▶ [ASSIGNED TASK] The entries that follow need to be retyped verbatim.

Saved entries
..........

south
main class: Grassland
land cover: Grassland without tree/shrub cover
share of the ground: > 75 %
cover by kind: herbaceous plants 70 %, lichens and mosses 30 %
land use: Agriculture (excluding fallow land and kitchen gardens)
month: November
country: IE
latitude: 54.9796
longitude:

..........

▶ [SOLUTION FOR THIS EXERCISE]
south
main class: Grassland
land cover: Grassland without tree/shrub cover
share of the ground: > 75 %
cover by kind: herbaceous plants 70 %, lichens and mosses 30 %
land use: Agriculture (excluding fallow land and kitchen gardens)
month: November
country: IE
latitude: 54.9796
longitude:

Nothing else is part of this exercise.